> _Exercise input_
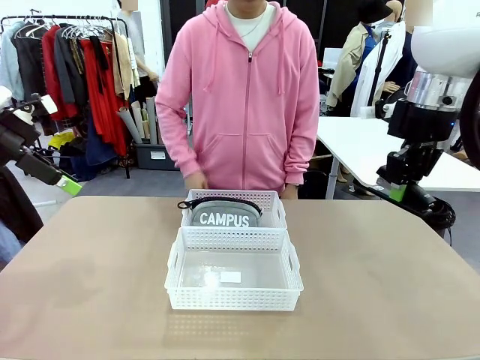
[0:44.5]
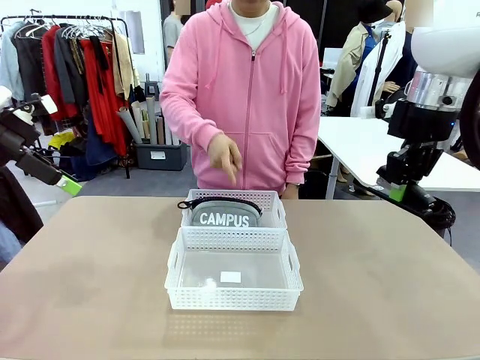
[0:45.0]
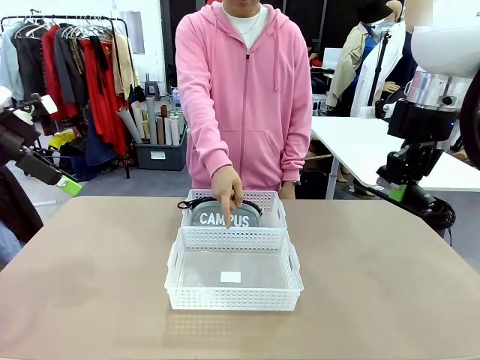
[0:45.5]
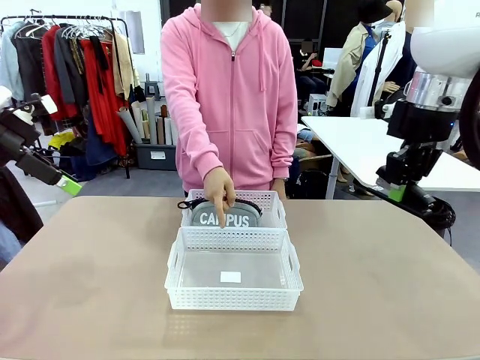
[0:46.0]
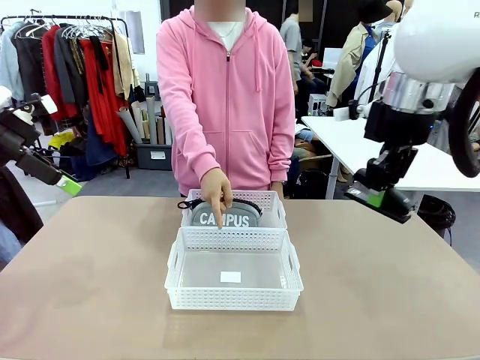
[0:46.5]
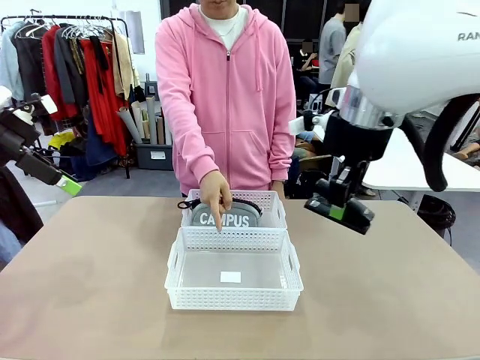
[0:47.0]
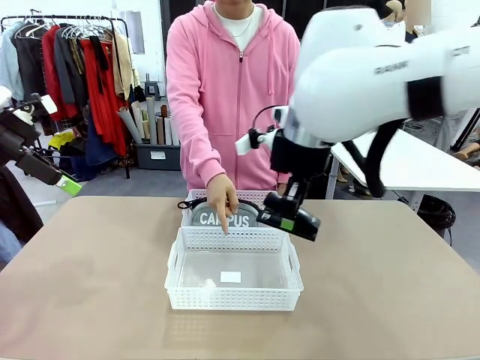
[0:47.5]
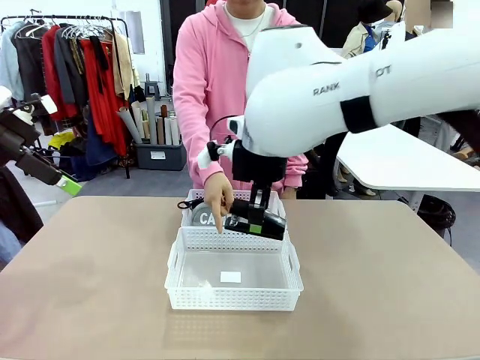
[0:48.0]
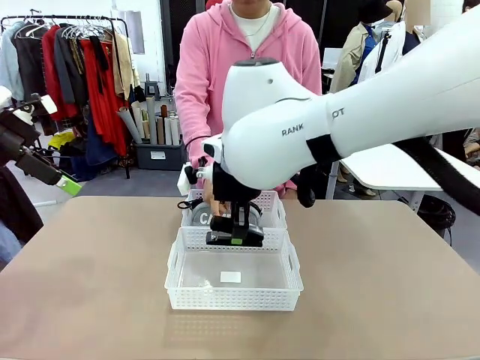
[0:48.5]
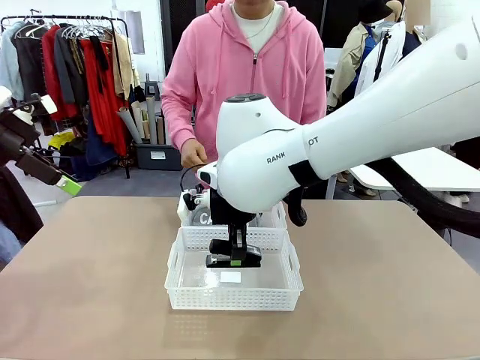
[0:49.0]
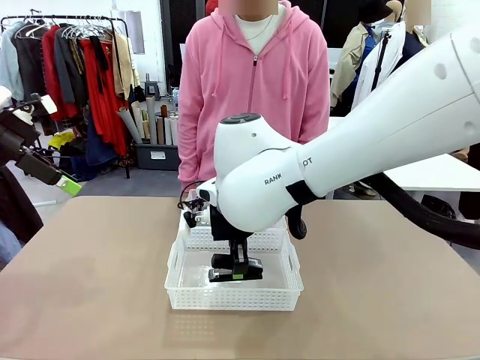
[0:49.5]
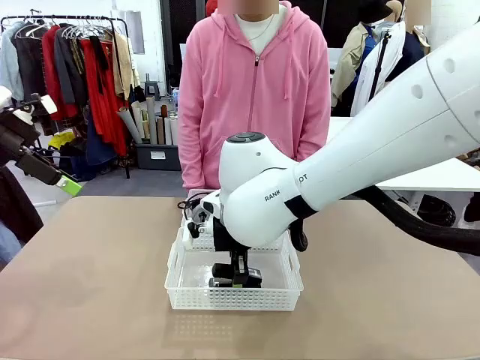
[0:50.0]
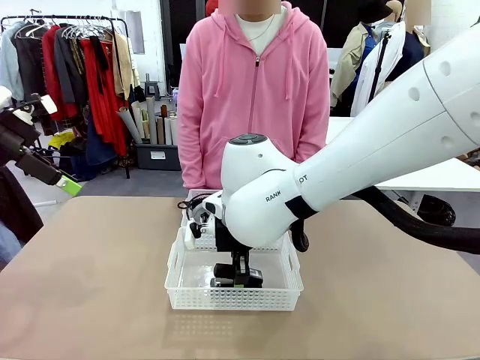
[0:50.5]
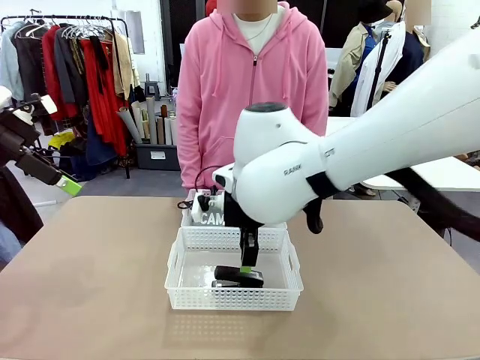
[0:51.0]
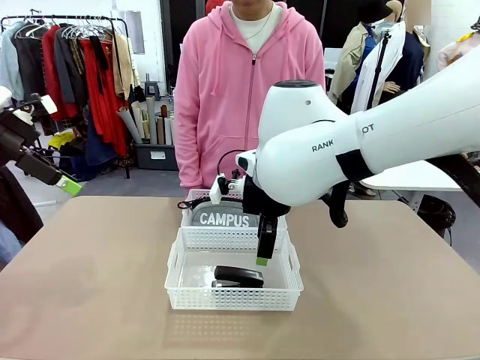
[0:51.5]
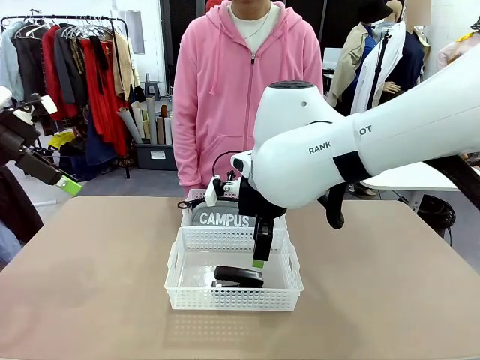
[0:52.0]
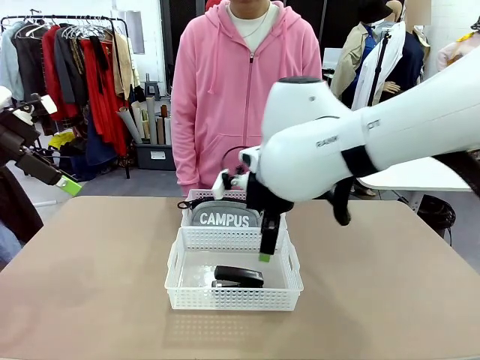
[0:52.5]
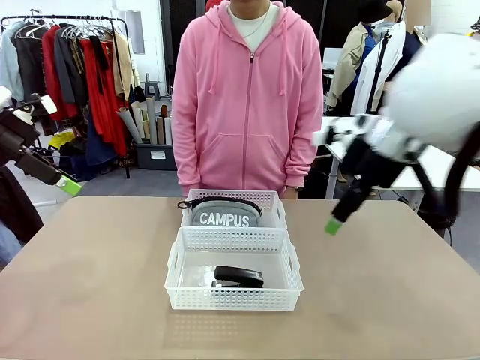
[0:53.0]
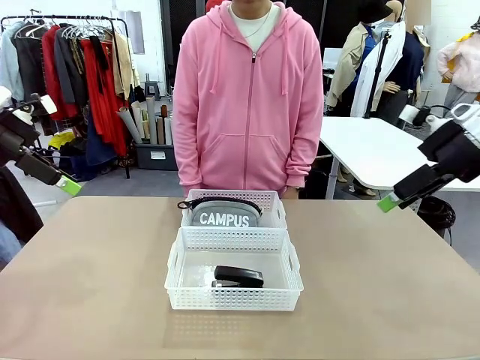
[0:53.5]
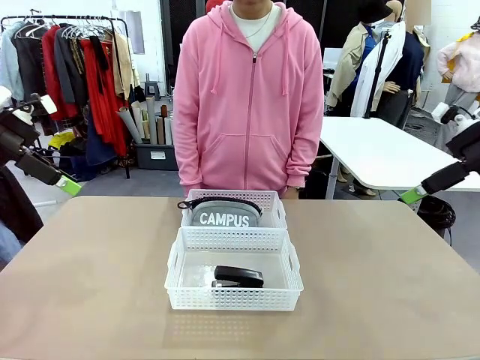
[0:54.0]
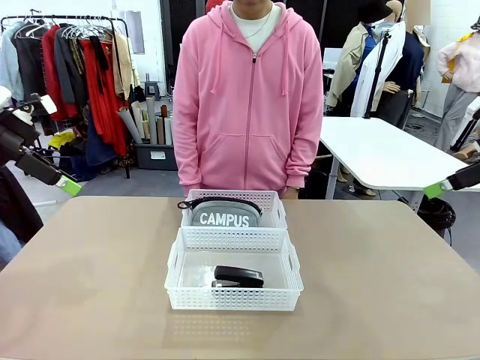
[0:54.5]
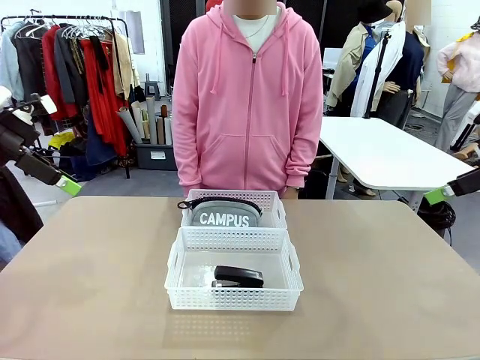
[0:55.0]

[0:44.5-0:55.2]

> _What to work on_
Everything in the data except the pictures must be retyped exactly.

> _Solution to the exercise_
[0:44.5]
[0:45.0]
[0:45.5]
[0:46.0]
[0:46.5]
[0:47.0]
[0:47.5]
[0:48.0]
[0:48.5]
[0:49.0]
[0:49.5]
[0:50.0]
[0:50.5]
[0:51.0]
[0:51.5]
[0:52.0]
[0:52.5]
[0:53.0]
[0:53.5]
[0:54.0]
[0:54.5]
[0:55.0]

[0:44.5-0:55.2]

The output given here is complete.